Anthropic-Cybersecurity-Skills/skills/performing-memory-forensics-with-volatility3/scripts/agent.py

#!/usr/bin/env python3
"""Agent for performing memory forensics with Volatility 3.

Automates memory dump analysis including process enumeration,
network connection extraction, malware detection, and credential
extraction using Volatility 3 framework via subprocess.
"""

import subprocess
import json
import sys
import re
from pathlib import Path
from collections import defaultdict


class MemoryForensicsAgent:
    """Automates Volatility 3 memory forensics analysis."""

    def __init__(self, memory_dump, output_dir):
        self.memory_dump = memory_dump
        self.output_dir = Path(output_dir)
        self.output_dir.mkdir(parents=True, exist_ok=True)

    def _run_vol(self, plugin, extra_args=None):
        """Execute a Volatility 3 plugin and return output."""
        cmd = ["vol", "-f", self.memory_dump, plugin]
        if extra_args:
            cmd.extend(extra_args)
        result = subprocess.run(cmd, capture_output=True, text=True, timeout=300)
        return {"output": result.stdout, "stderr": result.stderr, "rc": result.returncode}

    def get_os_info(self):
        """Identify the operating system from the memory dump."""
        result = self._run_vol("windows.info")
        if result["rc"] != 0:
            result = self._run_vol("linux.info")
        return result

    def list_processes(self):
        """List all running processes."""
        return self._run_vol("windows.pslist")

    def get_process_tree(self):
        """Show process tree with parent-child relationships."""
        return self._run_vol("windows.pstree")

    def scan_hidden_processes(self):
        """Scan for hidden/unlinked processes via pool scanning."""
        return self._run_vol("windows.psscan")

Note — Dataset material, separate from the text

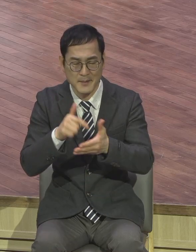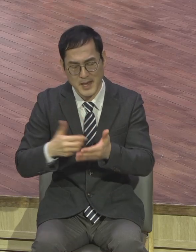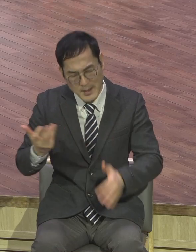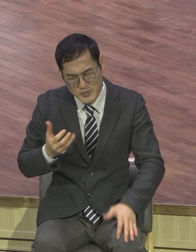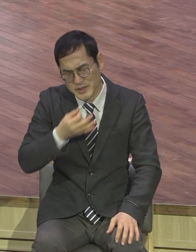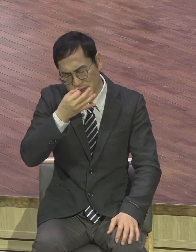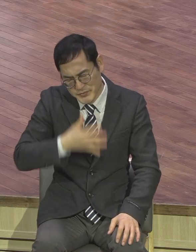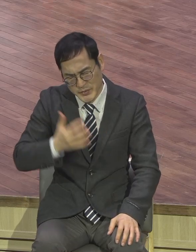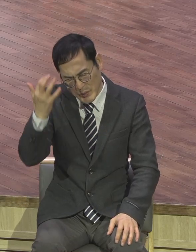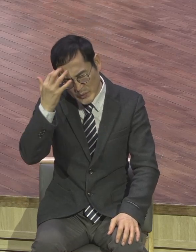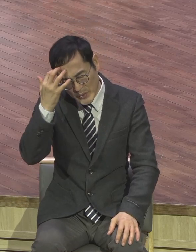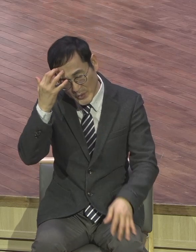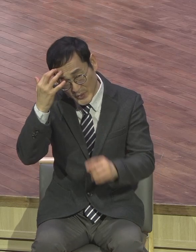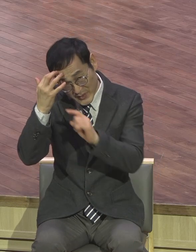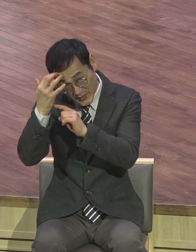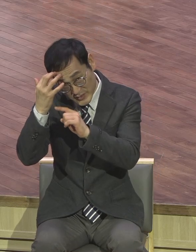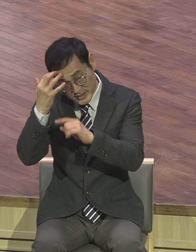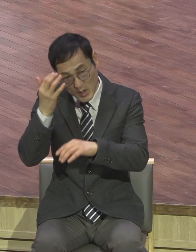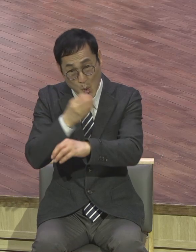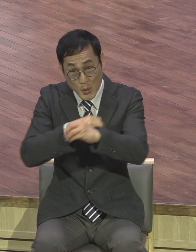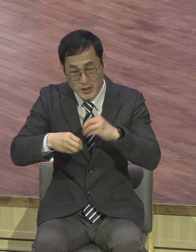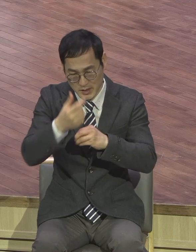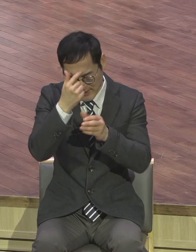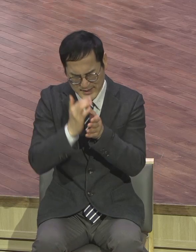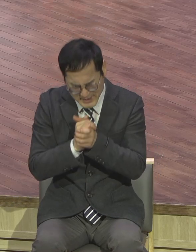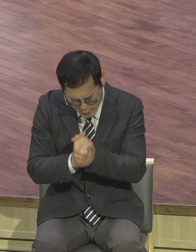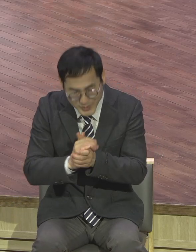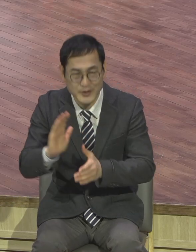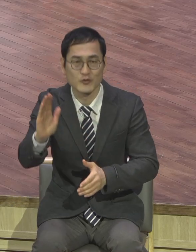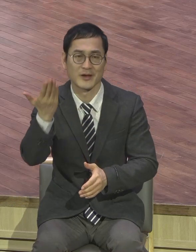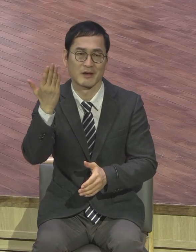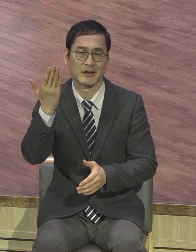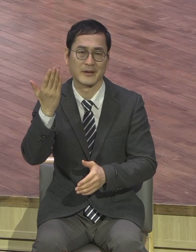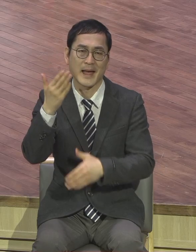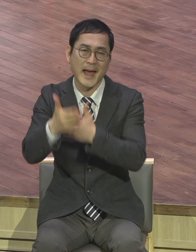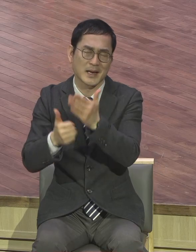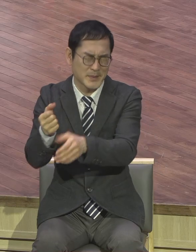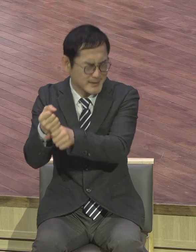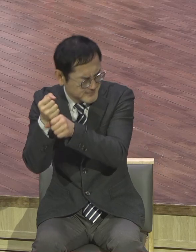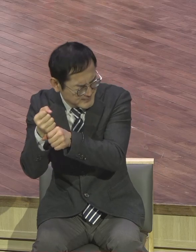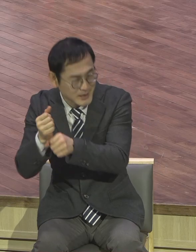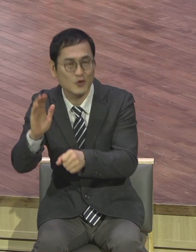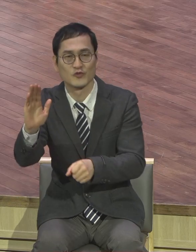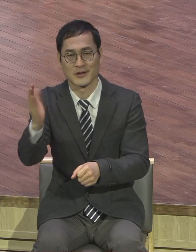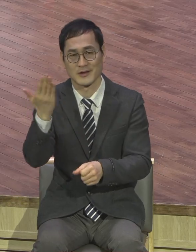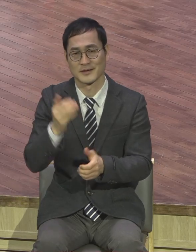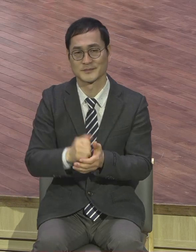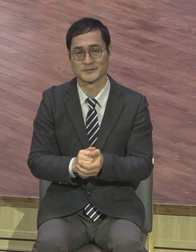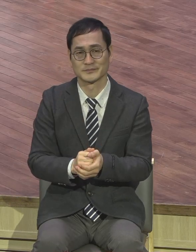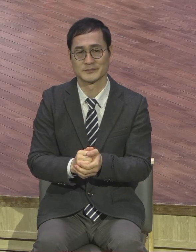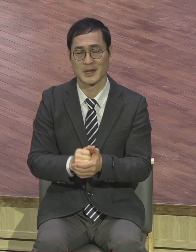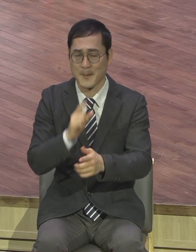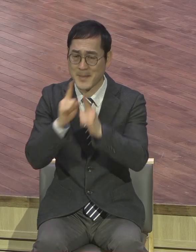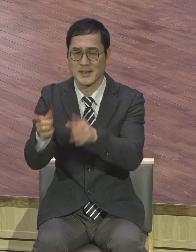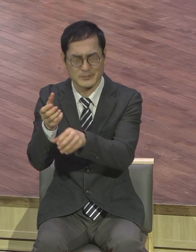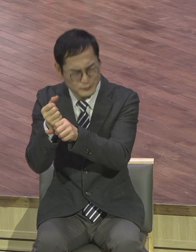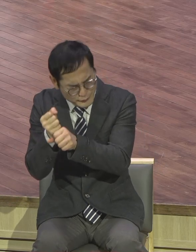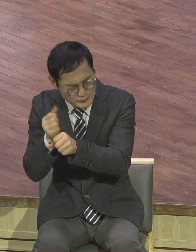여러분이 영적으로 깨워서 기도할 수밖에 없고 하나님 앞에 매달릴 수밖에 없고 말씀 잡을 수밖에 없고 깨울 수밖에

    def detect_injected_code(self):
        """Detect process injection via malfind plugin."""
        return self._run_vol("windows.malfind")

    def get_network_connections(self):
        """Extract active network connections."""
        return self._run_vol("windows.netscan")

    def get_command_lines(self):
        """Extract command lines for all processes."""
        return self._run_vol("windows.cmdline")

    def dump_process_memory(self, pid):
        """Dump memory of a specific process."""
        dump_dir = self.output_dir / "process_dumps"
        dump_dir.mkdir(exist_ok=True)
        return self._run_vol("windows.memmap", [
            "--pid", str(pid), "--dump", "-o", str(dump_dir)
        ])

    def extract_hashes(self):
        """Extract cached password hashes."""
        return self._run_vol("windows.hashdump")

    def scan_with_yara(self, yara_file):
        """Scan memory with YARA rules."""
        return self._run_vol("yarascan", ["--yara-file", yara_file])

    def get_registry_keys(self, key_path):
        """Extract specific registry keys from memory."""
        return self._run_vol("windows.registry.printkey", ["--key", key_path])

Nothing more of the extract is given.